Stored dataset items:
----------
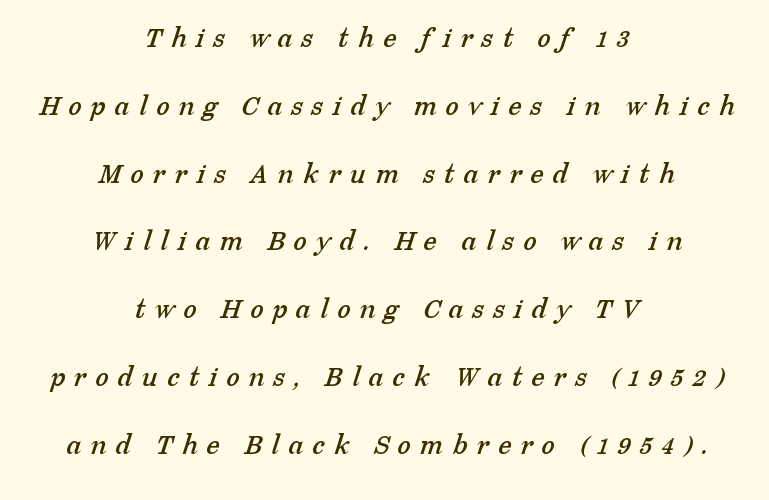
The image shows 30 px serif type; set centered, loose line spacing (2.26x), unusually wide letter spacing (+0.31 em), not underlined; low stroke contrast and a medium x-height.
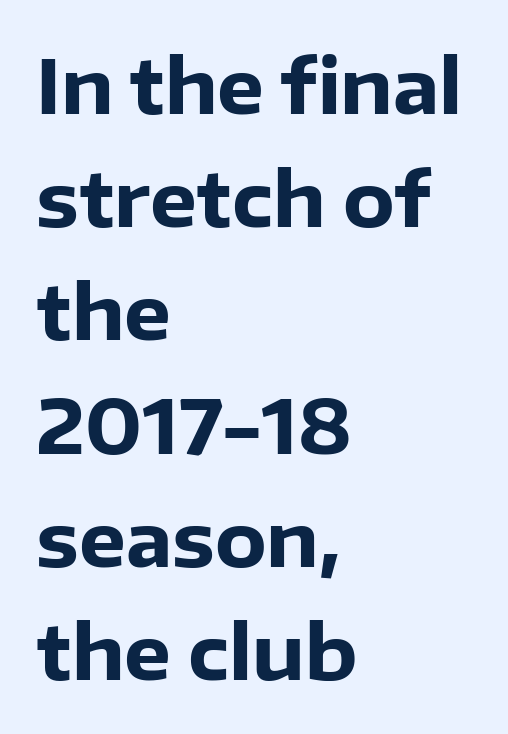
Set as a true bold cut, around the 700 mark. Think of a printed novel: that variable character pitch is what you see here. These lines are composed in type without serifs. In terms of leading, this rendering sits right in the middle.
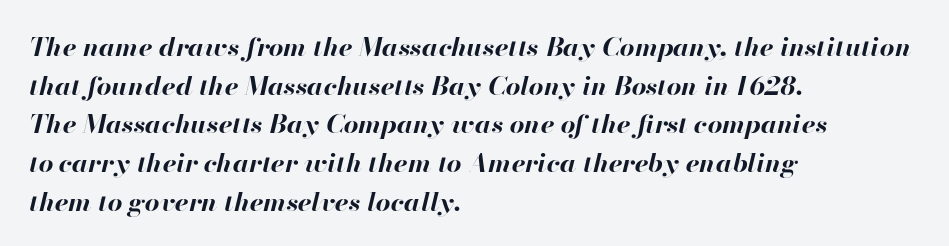
Q: Is the text bold? A: Yes.
Q: Is the text italic (slanted)? A: Yes, it leans right by about 13 degrees.
Q: Is the text underlined? A: No.
Q: How is the paragraph aligned? A: Left-aligned.
Q: Is the spacing between letters normal or unusually wide? A: Normal.
Q: Is the spacing between lines tight, normal or loose? A: Normal.
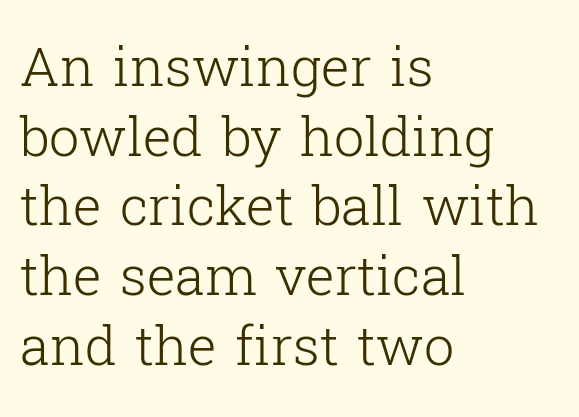
Yep, those are serifs on the letters. In terms of letterspacing, this is plain default setting. Italic: no, the glyphs are upright roman. The glyphs are unaccompanied by any horizontal stroke below them.
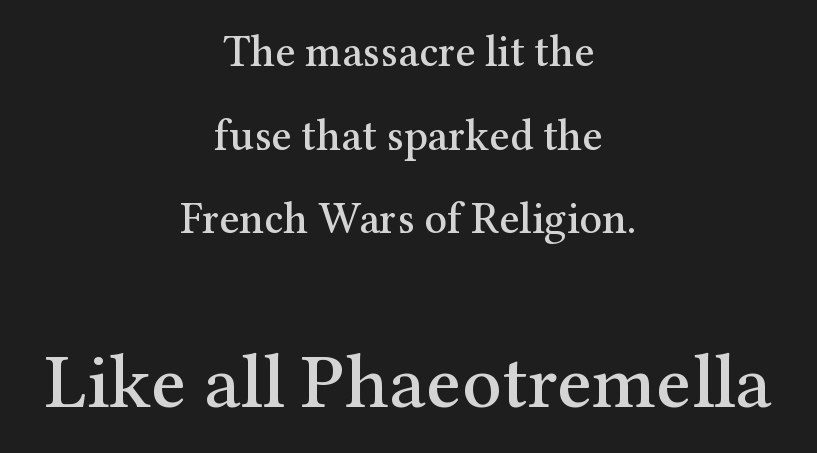
Font category for this specimen: serif. Varying glyph widths throughout — classic text-font behaviour. Notice the wide empty band between every row — that's loose leading. A student would call this center alignment; a typographer would say set centered.
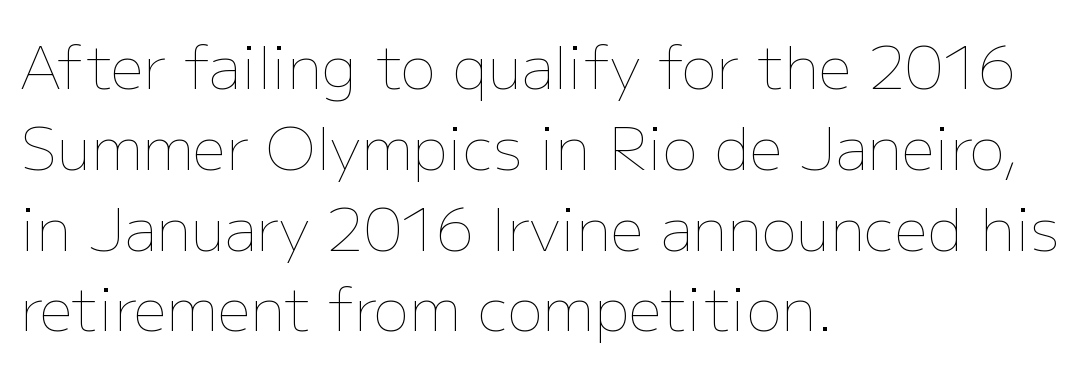
This sample uses plain, unmodified letter spacing. The font is comparable to plain body text, perhaps lighter. The passage shown is typed in a proportional face where columns would drift. The lines are quadded left.
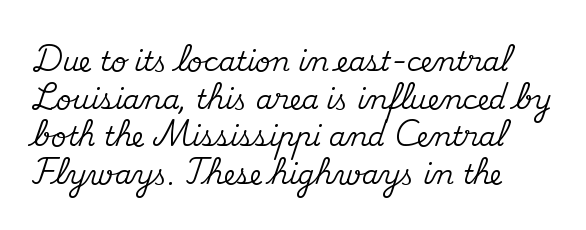
The image shows 27 px text type; set normal line spacing (1.39x), normal letter spacing, not underlined.
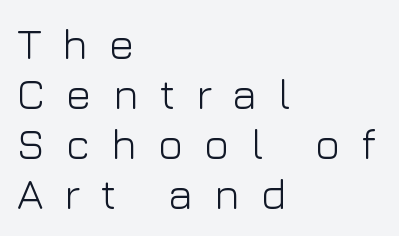
The image shows 43 px light sans-serif type, upright; set left-aligned, line spacing 1.16x, unusually wide letter spacing (+0.48 em), not underlined; low stroke contrast and a medium x-height.
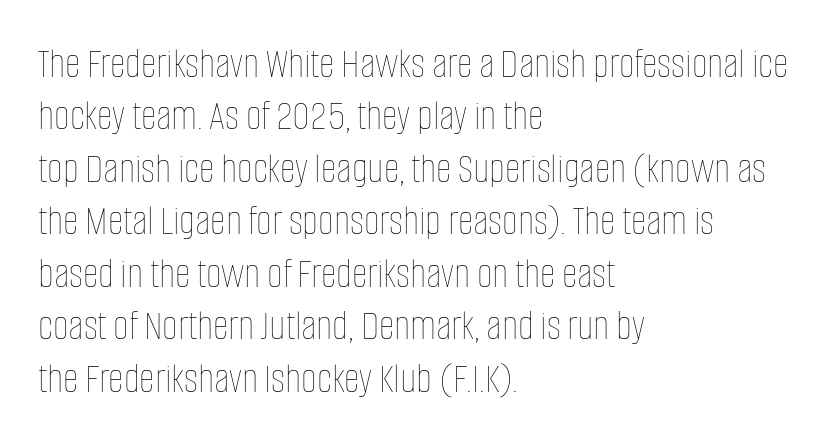
Q: Is the text bold? A: No.
Q: Is the text italic (slanted)? A: No, it is upright.
Q: Is the text underlined? A: No.
Q: How is the paragraph aligned? A: Left-aligned.
Q: Is the spacing between letters normal or unusually wide? A: Normal.
Q: Width (condensed, normal, or wide)? A: Condensed.
Q: Stroke contrast? A: Low.
Q: x-height? A: Large.
Q: Monospaced? A: No.
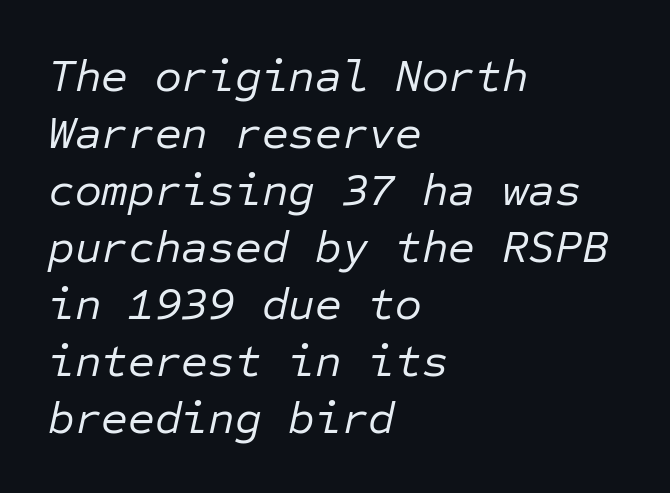
Q: Is the text bold? A: No.
Q: Is the text italic (slanted)? A: Yes, it leans right by about 12 degrees.
Q: Is the text underlined? A: No.
Q: How is the paragraph aligned? A: Left-aligned.
Q: Is the spacing between letters normal or unusually wide? A: Normal.
Q: Width (condensed, normal, or wide)? A: Normal.
Q: Stroke contrast? A: Low.
Q: x-height? A: Medium.
Q: Monospaced? A: Yes.
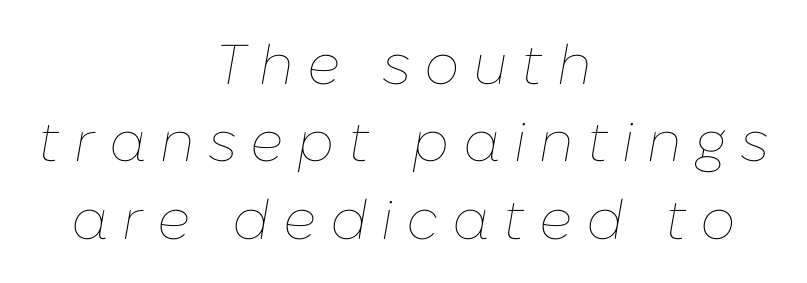
The image shows 56 px thin type, italic (leaning right); set centered, normal line spacing (1.38x), unusually wide letter spacing (+0.24 em), not underlined; low stroke contrast and a medium x-height.
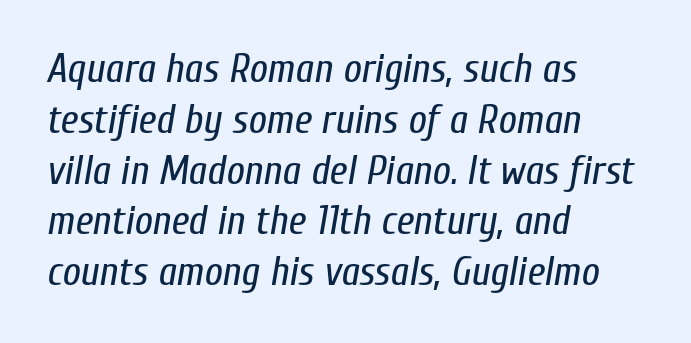
Q: Is the text bold? A: No.
Q: Is the text italic (slanted)? A: Yes, it leans right by about 10 degrees.
Q: Is the text underlined? A: No.
Q: How is the paragraph aligned? A: Left-aligned.
Q: Is the spacing between letters normal or unusually wide? A: Normal.
Q: Is the spacing between lines tight, normal or loose? A: Normal.
Q: Width (condensed, normal, or wide)? A: Condensed.
Q: Stroke contrast? A: Low.
Q: x-height? A: Medium.
Q: Monospaced? A: No.
----------
■ The problem
Some lines of the records above may hold the word "degrees". Report how many, and nothing else.

■ Output
3